→ **ACTIVITY**
Which of the lines below hold "http"? Please return each one.

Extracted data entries
────────────────────

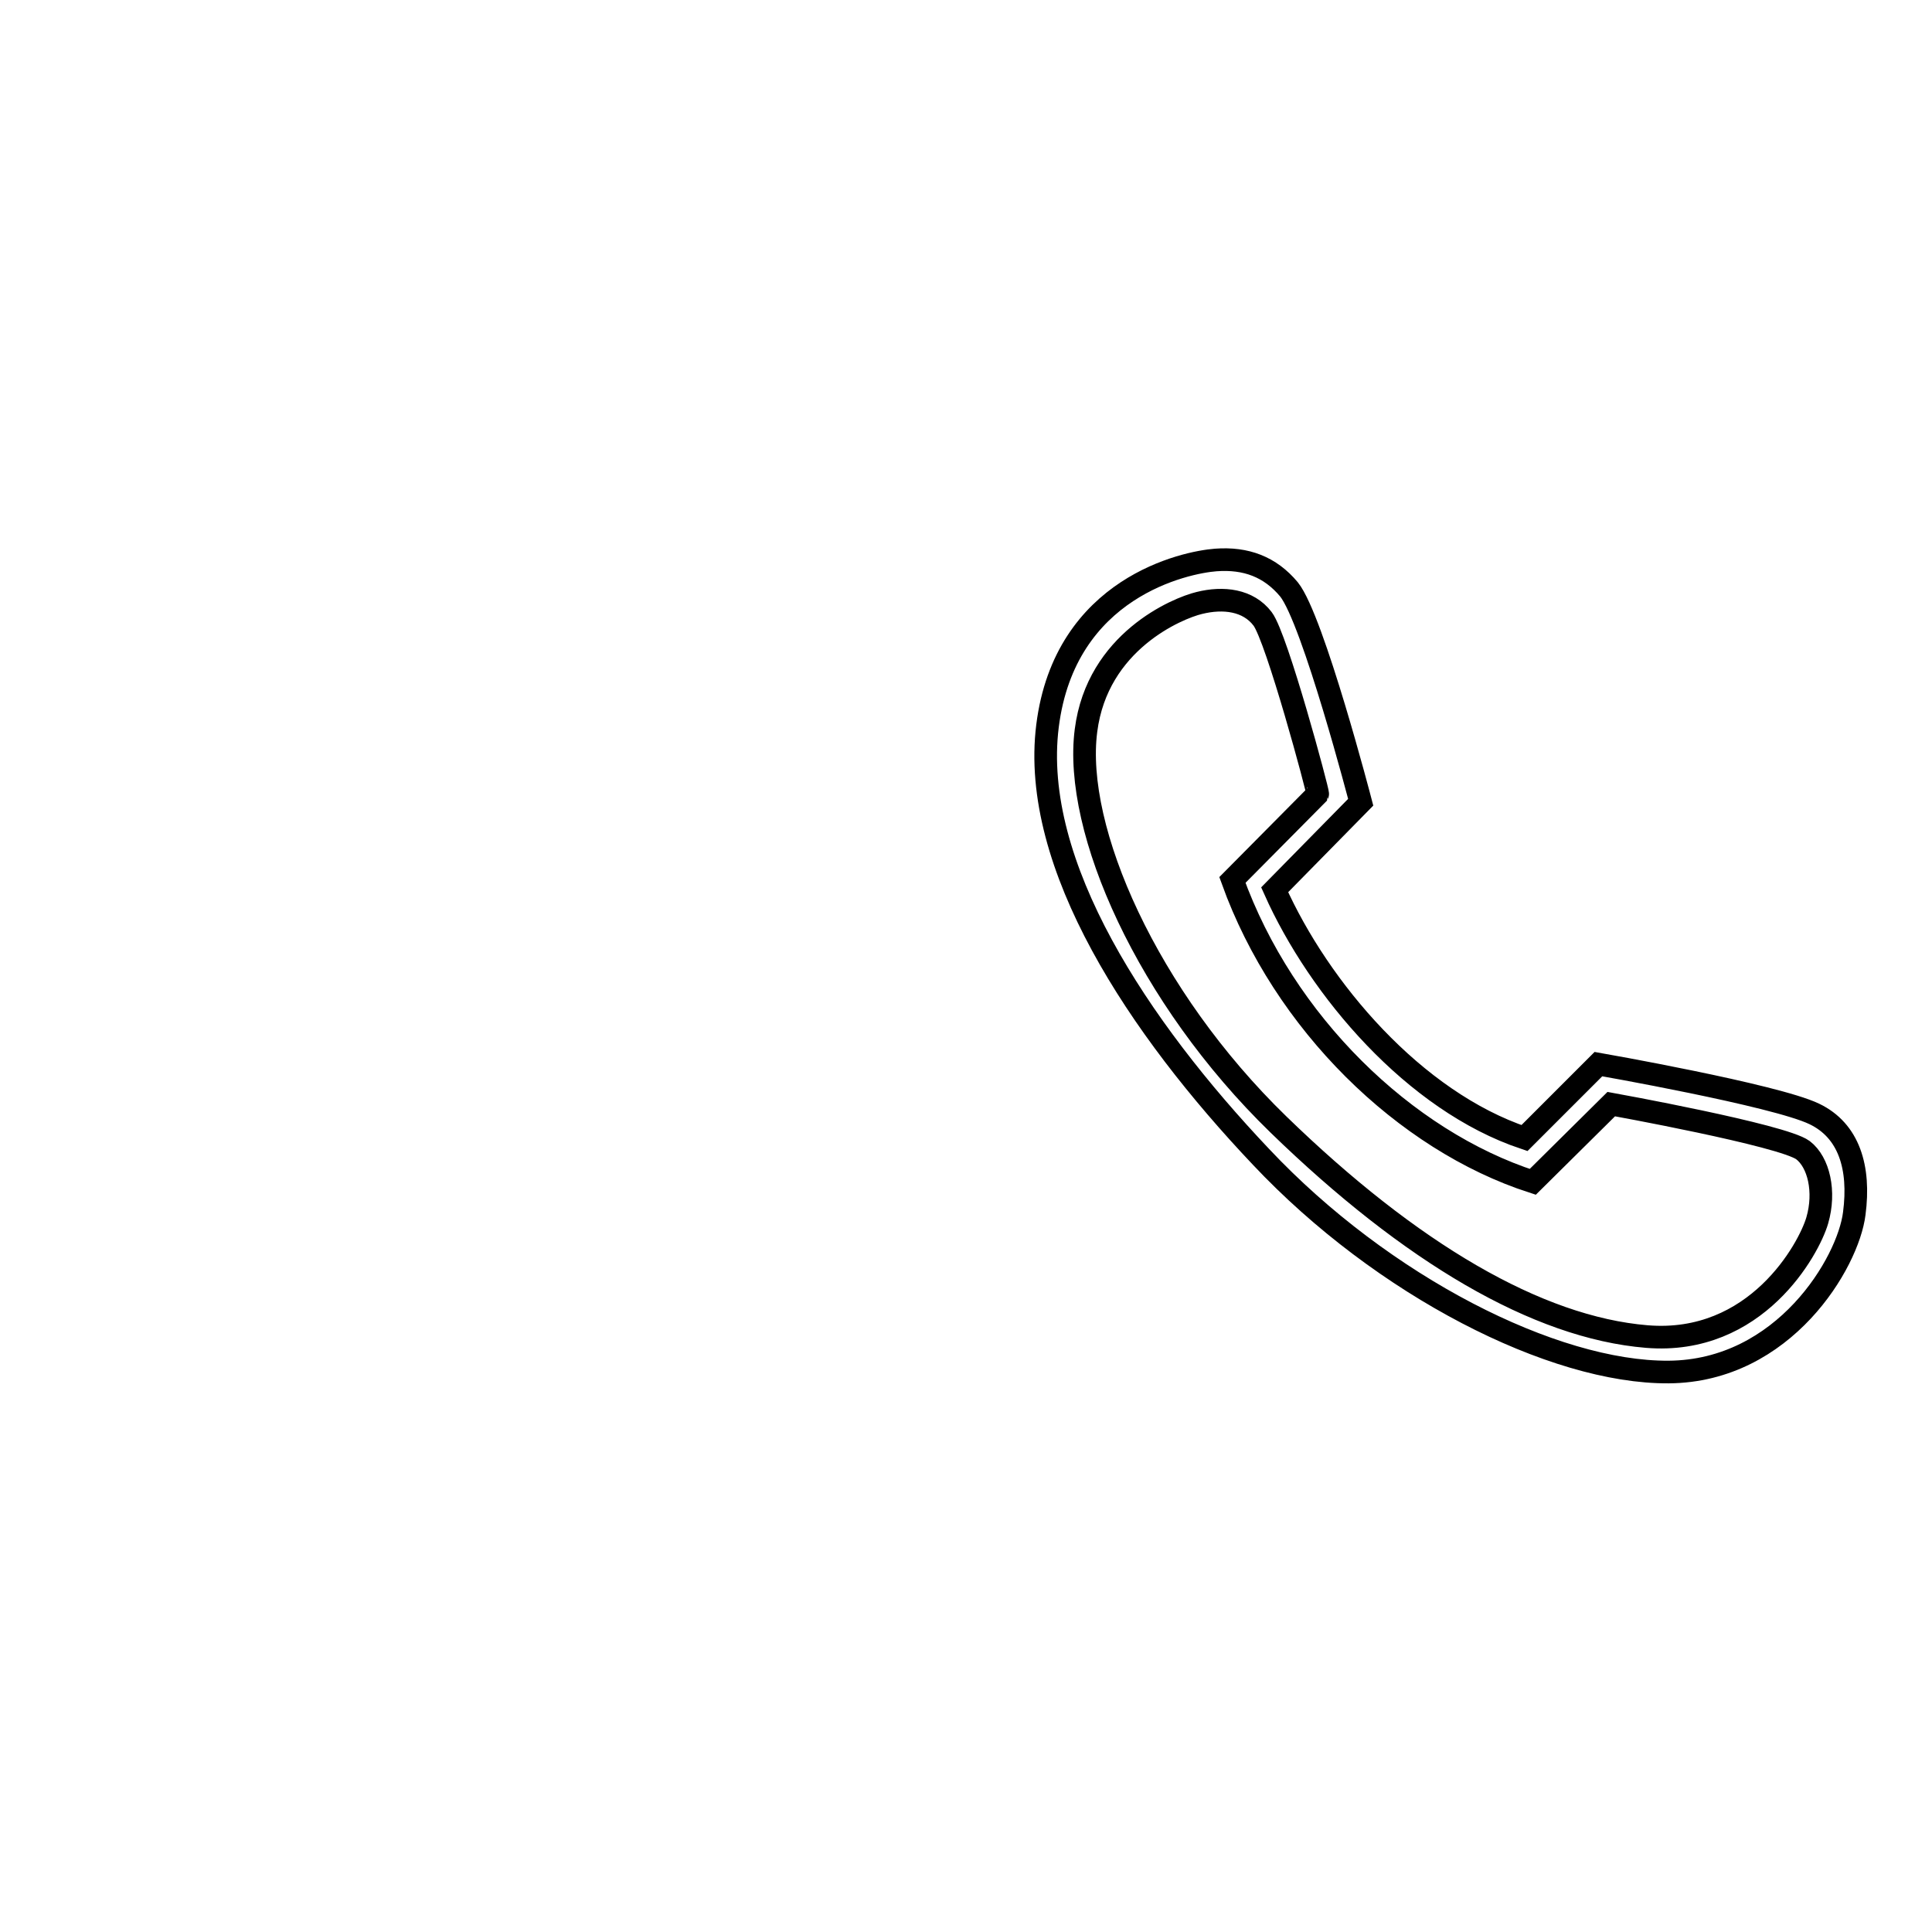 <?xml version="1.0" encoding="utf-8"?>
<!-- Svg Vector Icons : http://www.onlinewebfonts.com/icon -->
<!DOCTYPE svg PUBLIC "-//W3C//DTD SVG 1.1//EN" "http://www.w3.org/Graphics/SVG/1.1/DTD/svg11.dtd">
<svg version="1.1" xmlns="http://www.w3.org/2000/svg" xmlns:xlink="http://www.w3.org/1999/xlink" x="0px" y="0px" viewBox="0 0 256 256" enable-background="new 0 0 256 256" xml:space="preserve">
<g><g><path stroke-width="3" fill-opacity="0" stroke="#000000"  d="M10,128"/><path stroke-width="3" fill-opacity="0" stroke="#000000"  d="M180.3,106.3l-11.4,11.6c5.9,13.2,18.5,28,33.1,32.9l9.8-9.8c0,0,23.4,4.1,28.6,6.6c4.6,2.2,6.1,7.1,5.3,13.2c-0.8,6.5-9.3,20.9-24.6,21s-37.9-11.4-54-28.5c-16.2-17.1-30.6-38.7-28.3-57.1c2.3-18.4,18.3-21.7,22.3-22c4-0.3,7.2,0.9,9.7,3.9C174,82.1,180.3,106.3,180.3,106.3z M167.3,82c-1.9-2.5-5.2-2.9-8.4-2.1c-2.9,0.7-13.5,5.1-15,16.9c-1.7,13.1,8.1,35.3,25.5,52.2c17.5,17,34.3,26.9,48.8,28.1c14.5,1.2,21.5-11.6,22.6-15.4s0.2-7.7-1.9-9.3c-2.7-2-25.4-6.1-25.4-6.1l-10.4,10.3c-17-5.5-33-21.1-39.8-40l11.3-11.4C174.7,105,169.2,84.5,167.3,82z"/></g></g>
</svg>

────────────────────

→ **WRITTEN ANSWER**
<!-- Svg Vector Icons : http://www.onlinewebfonts.com/icon -->
<!DOCTYPE svg PUBLIC "-//W3C//DTD SVG 1.1//EN" "http://www.w3.org/Graphics/SVG/1.1/DTD/svg11.dtd">
<svg version="1.1" xmlns="http://www.w3.org/2000/svg" xmlns:xlink="http://www.w3.org/1999/xlink" x="0px" y="0px" viewBox="0 0 256 256" enable-background="new 0 0 256 256" xml:space="preserve">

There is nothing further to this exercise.